---------- Material for the task ----------
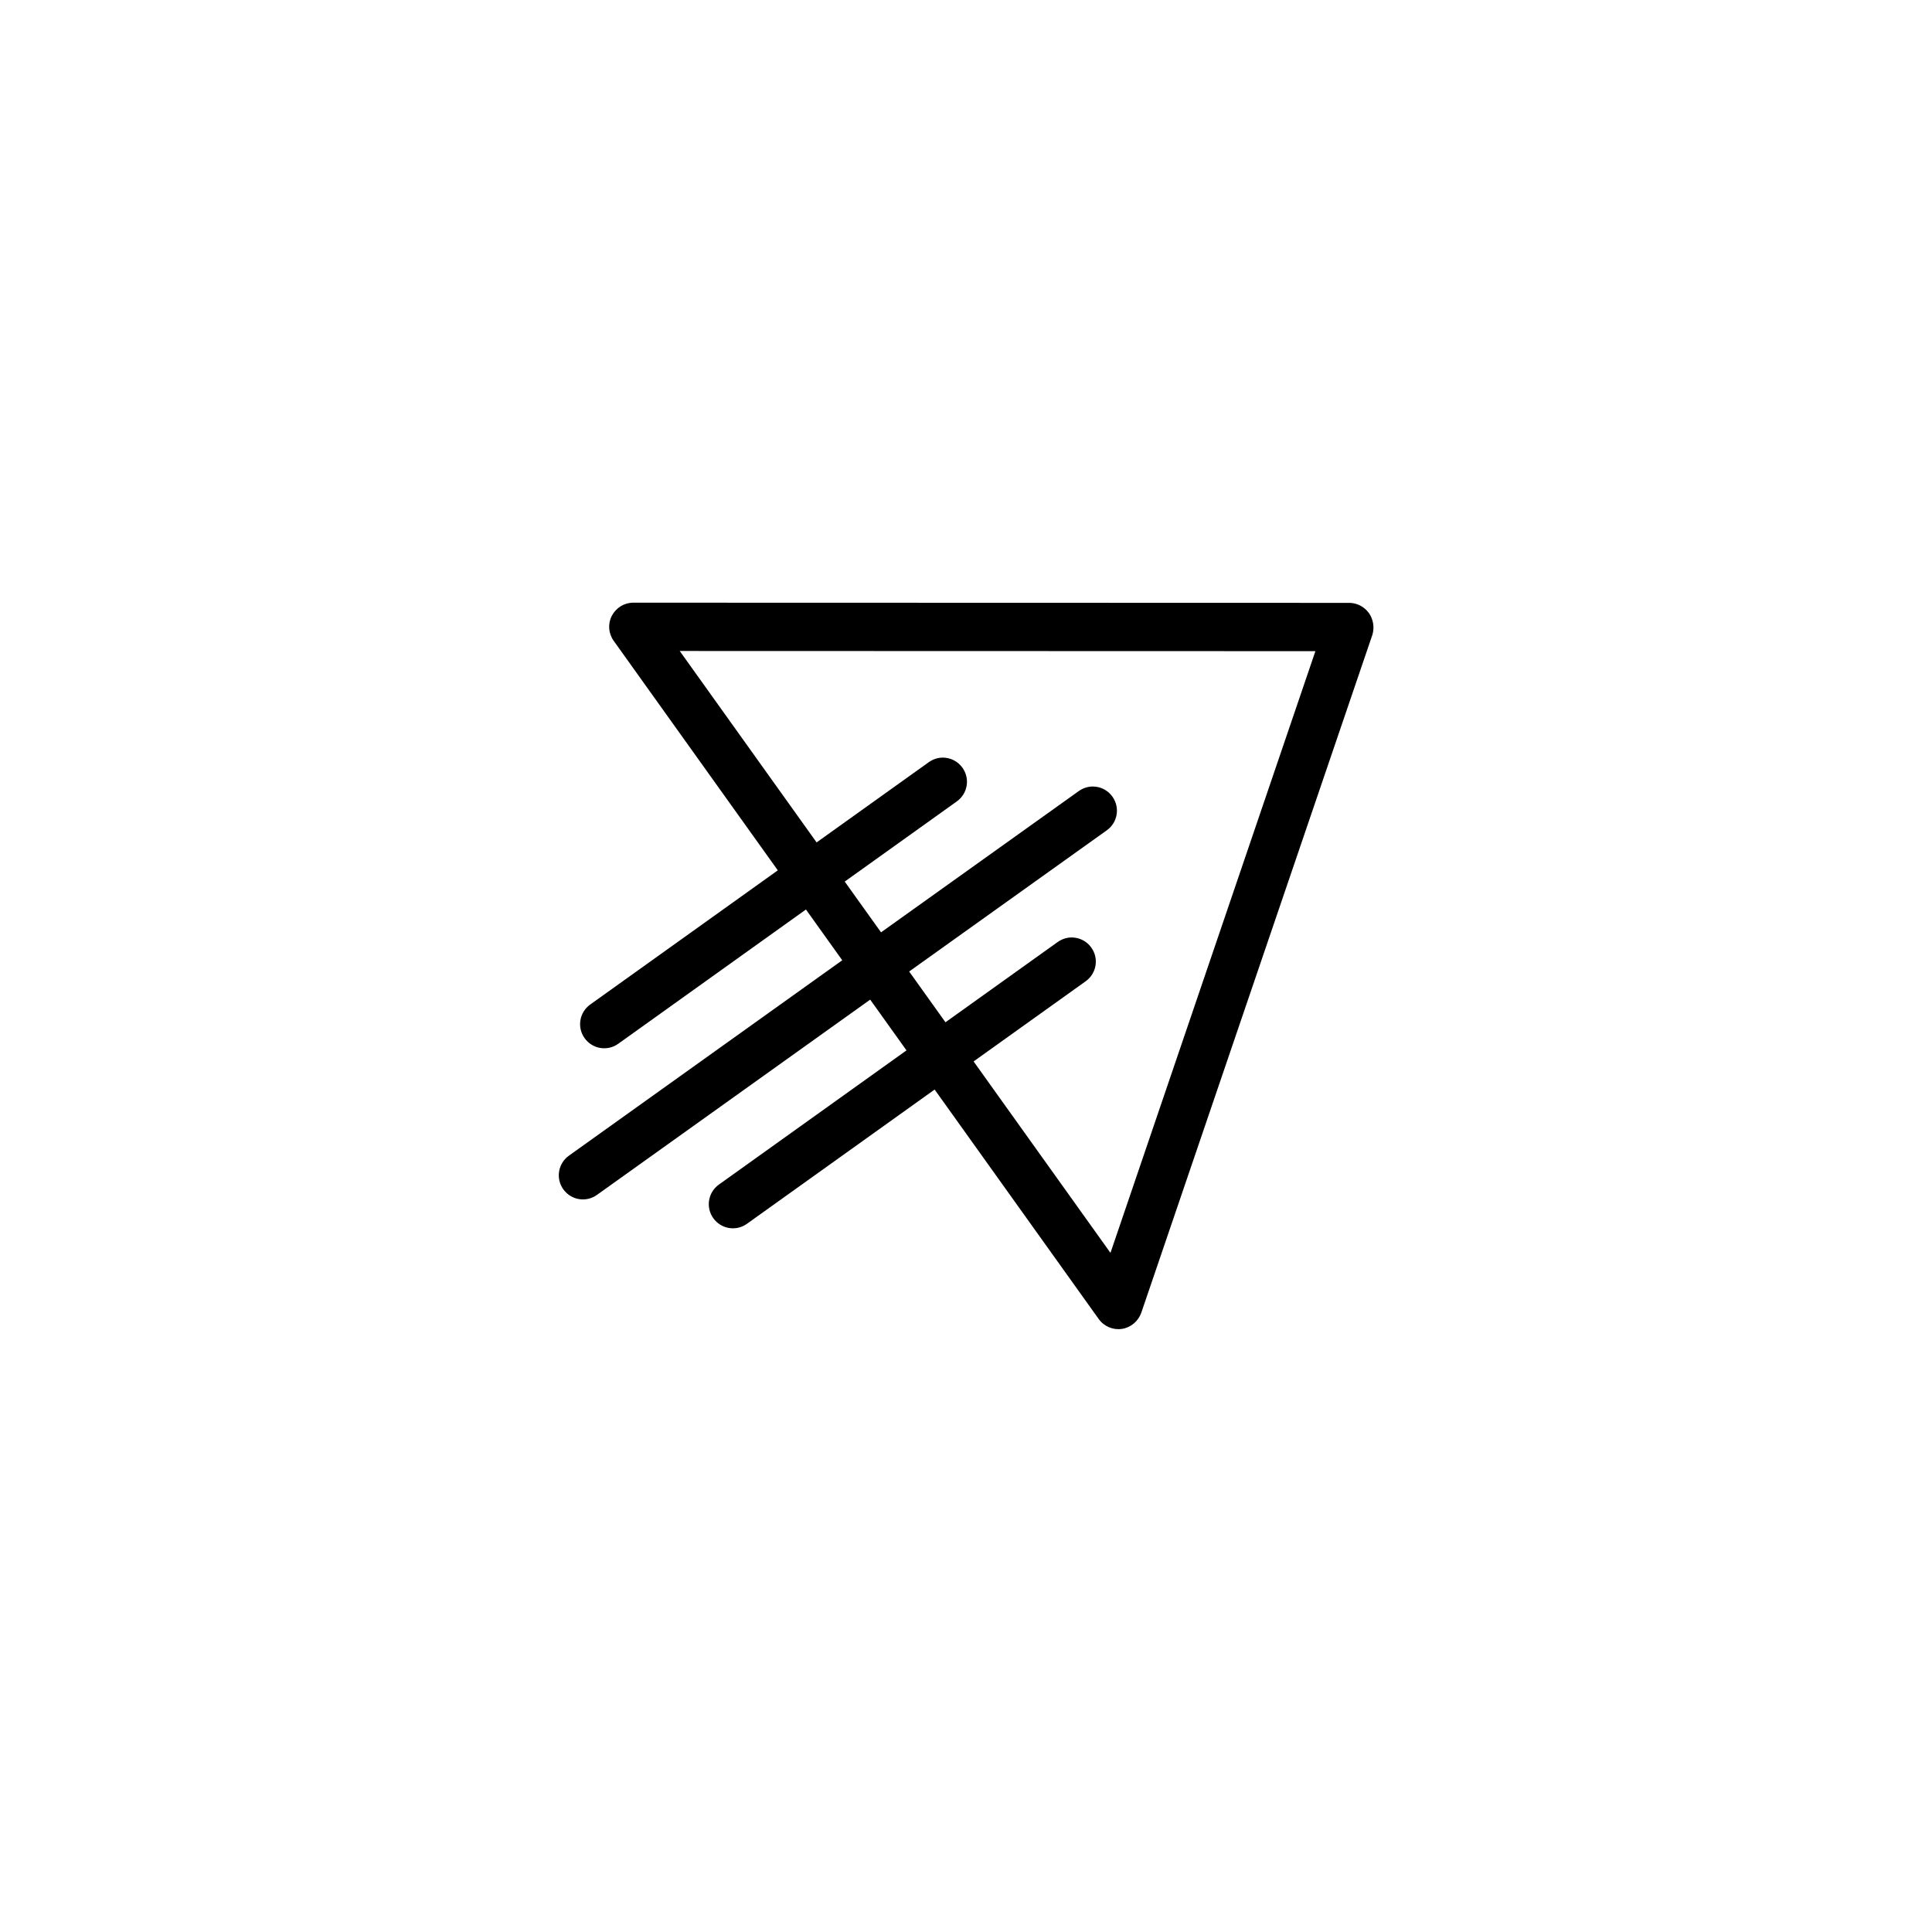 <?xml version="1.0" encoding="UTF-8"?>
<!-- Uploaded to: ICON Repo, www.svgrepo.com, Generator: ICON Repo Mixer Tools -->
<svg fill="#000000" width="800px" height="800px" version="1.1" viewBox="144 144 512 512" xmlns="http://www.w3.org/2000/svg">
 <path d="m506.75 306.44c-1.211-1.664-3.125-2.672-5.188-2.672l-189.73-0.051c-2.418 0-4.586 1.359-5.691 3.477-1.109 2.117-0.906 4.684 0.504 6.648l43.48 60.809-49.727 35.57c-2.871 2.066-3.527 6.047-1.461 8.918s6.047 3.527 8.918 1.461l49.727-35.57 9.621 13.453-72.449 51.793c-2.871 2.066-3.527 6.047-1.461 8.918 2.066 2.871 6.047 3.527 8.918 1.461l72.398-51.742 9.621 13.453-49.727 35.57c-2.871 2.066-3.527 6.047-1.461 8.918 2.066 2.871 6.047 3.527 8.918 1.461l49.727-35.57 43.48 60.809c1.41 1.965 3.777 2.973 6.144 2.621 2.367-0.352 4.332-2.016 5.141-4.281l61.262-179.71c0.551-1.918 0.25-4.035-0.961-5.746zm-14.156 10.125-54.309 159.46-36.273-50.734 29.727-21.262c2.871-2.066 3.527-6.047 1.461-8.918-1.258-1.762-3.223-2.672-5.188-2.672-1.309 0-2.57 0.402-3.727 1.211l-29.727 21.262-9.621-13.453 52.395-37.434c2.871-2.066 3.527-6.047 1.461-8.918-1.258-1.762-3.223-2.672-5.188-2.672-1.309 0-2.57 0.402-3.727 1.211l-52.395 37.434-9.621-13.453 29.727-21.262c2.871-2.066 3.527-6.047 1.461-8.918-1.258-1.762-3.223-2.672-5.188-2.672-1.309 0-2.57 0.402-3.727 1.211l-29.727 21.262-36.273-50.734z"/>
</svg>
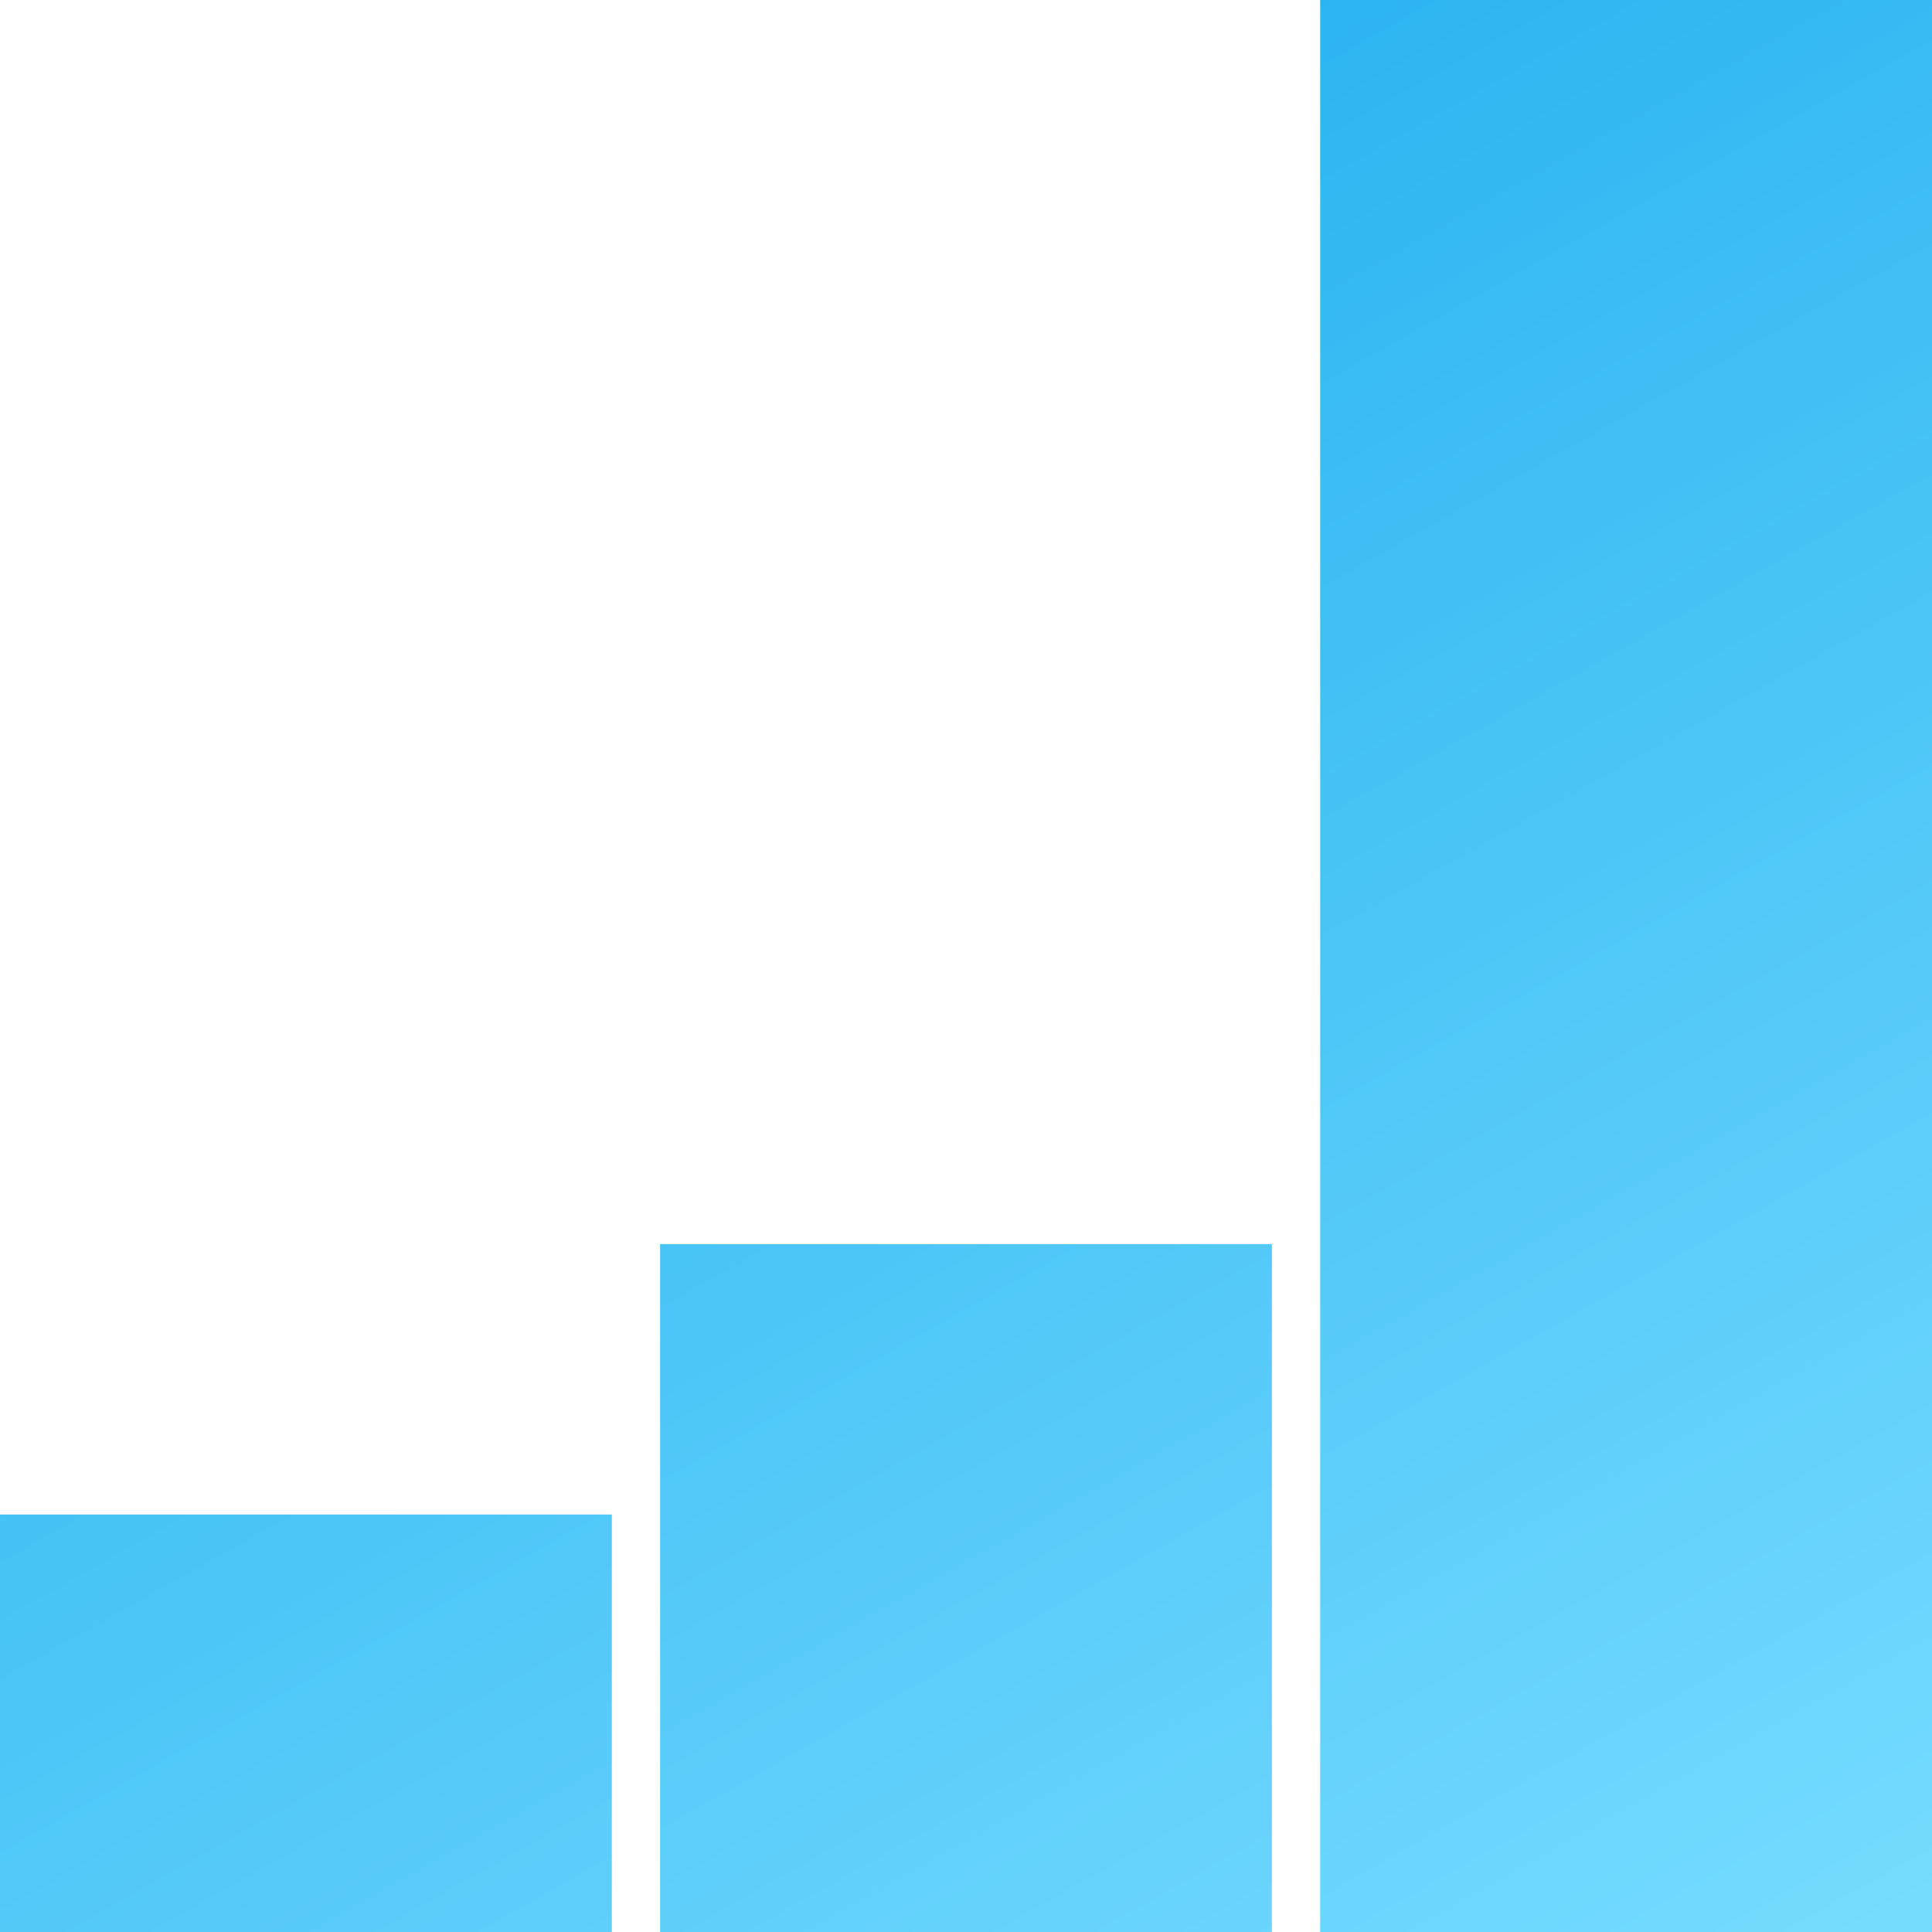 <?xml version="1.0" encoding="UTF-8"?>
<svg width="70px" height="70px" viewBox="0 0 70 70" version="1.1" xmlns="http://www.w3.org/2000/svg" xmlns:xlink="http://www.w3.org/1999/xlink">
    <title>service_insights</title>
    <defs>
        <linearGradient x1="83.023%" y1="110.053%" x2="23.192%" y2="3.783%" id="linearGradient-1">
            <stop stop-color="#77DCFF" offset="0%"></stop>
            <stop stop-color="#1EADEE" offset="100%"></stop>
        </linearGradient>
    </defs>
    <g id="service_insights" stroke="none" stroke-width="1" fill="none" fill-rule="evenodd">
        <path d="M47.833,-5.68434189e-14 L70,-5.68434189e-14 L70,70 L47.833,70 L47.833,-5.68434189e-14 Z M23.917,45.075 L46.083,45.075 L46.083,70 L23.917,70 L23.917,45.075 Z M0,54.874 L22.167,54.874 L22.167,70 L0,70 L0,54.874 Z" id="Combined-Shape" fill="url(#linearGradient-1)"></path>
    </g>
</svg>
----------
*What you should do:* The copy must include every record exactly and none of the pictures.

*Response area:*
 <?xml version="1.0" encoding="UTF-8"?>
<!-- Uploaded to: ICON Repo, www.svgrepo.com, Generator: ICON Repo Mixer Tools -->
<svg fill="#000000" width="800px" height="800px" version="1.1" viewBox="144 144 512 512" xmlns="http://www.w3.org/2000/svg">
 <path d="m506.75 306.44c-1.211-1.664-3.125-2.672-5.188-2.672l-189.73-0.051c-2.418 0-4.586 1.359-5.691 3.477-1.109 2.117-0.906 4.684 0.504 6.648l43.48 60.809-49.727 35.57c-2.871 2.066-3.527 6.047-1.461 8.918s6.047 3.527 8.918 1.461l49.727-35.57 9.621 13.453-72.449 51.793c-2.871 2.066-3.527 6.047-1.461 8.918 2.066 2.871 6.047 3.527 8.918 1.461l72.398-51.742 9.621 13.453-49.727 35.57c-2.871 2.066-3.527 6.047-1.461 8.918 2.066 2.871 6.047 3.527 8.918 1.461l49.727-35.57 43.48 60.809c1.41 1.965 3.777 2.973 6.144 2.621 2.367-0.352 4.332-2.016 5.141-4.281l61.262-179.71c0.551-1.918 0.25-4.035-0.961-5.746zm-14.156 10.125-54.309 159.46-36.273-50.734 29.727-21.262c2.871-2.066 3.527-6.047 1.461-8.918-1.258-1.762-3.223-2.672-5.188-2.672-1.309 0-2.57 0.402-3.727 1.211l-29.727 21.262-9.621-13.453 52.395-37.434c2.871-2.066 3.527-6.047 1.461-8.918-1.258-1.762-3.223-2.672-5.188-2.672-1.309 0-2.57 0.402-3.727 1.211l-52.395 37.434-9.621-13.453 29.727-21.262c2.871-2.066 3.527-6.047 1.461-8.918-1.258-1.762-3.223-2.672-5.188-2.672-1.309 0-2.57 0.402-3.727 1.211l-29.727 21.262-36.273-50.734z"/>
</svg>
 <?xml version="1.0" encoding="UTF-8"?>
<svg width="70px" height="70px" viewBox="0 0 70 70" version="1.1" xmlns="http://www.w3.org/2000/svg" xmlns:xlink="http://www.w3.org/1999/xlink">
    <title>service_insights</title>
    <defs>
        <linearGradient x1="83.023%" y1="110.053%" x2="23.192%" y2="3.783%" id="linearGradient-1">
            <stop stop-color="#77DCFF" offset="0%"></stop>
            <stop stop-color="#1EADEE" offset="100%"></stop>
        </linearGradient>
    </defs>
    <g id="service_insights" stroke="none" stroke-width="1" fill="none" fill-rule="evenodd">
        <path d="M47.833,-5.68434189e-14 L70,-5.68434189e-14 L70,70 L47.833,70 L47.833,-5.68434189e-14 Z M23.917,45.075 L46.083,45.075 L46.083,70 L23.917,70 L23.917,45.075 Z M0,54.874 L22.167,54.874 L22.167,70 L0,70 L0,54.874 Z" id="Combined-Shape" fill="url(#linearGradient-1)"></path>
    </g>
</svg>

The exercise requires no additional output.